Forgive us as we forgive.

Don’t get the order wrong here. First we ask forgiveness for our part in the disconnect even when it is nothing more than withholding our forgiveness until someone asks for it. We need the healing and empowering forgiveness of God first or we have nothing to give to another person. My husband says it this way, “God always gives us enough forgiveness to give away.”

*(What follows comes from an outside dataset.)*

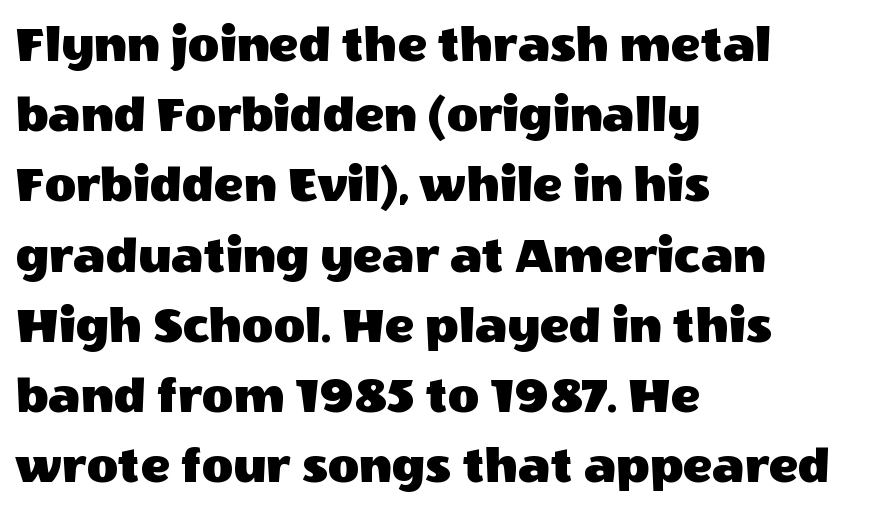
{"serif": "no", "italic": "no", "width": "normal", "x_height": "large", "monospaced": "no", "underline": "no", "align": "left", "line_spacing": "normal", "line_spacing_ratio": 1.3, "letter_spacing": "normal", "letter_spacing_em": 0.0, "glyph_px": 54}

Forgiving someone for something they should be asking forgiveness for feels unfair, unreasonable, and just backwards. But it is the only model Jesus showed us. He went to the cross forgiving his accusers, his tormentors, his executors. He took no grudges and wanted no revenge. Jesus shared this message in so many ways. He reminded us that if there is something between us and another, we must reconcile before offering our gift or prayer, even if the only place the reconciliation can happen is in our heart.

I can’t count how many times I’ve had to do this. For me the prayer has to be a bit more tangible. I have written down hurts my heart carried. Then one by one carried those offences to God and asked Him to forgive my hoarding them, forgive what I didn’t understand about another, forgive how I valued holding onto my hurt more than receiving His forgiveness. Then, I burn the list or shred it or bury it or crumple it for trash. Because that’s what it becomes to me when God clears my heart with his forgiveness.

An amazing thing happens when the work of this prayer is accomplished. God replaces the memory of the hurt with the memory of His freeing grace. That doesn’t mean I don’t remember it at all or redefine it as something good. It simply means His forgiveness frees me from carrying the weight of the pain. It means that where I nursed hurt, He bathed me with His love. And I understand in a new way how he shoulders my griefs and carries my sorrows so I can live free.

Don’t miss the peace and healing of this tandem prayer. Make this week your week to let God clear your heart. Allow Him to help you understand in a new way how forgiveness is always undeserved grace, whether it is for you or your offenders.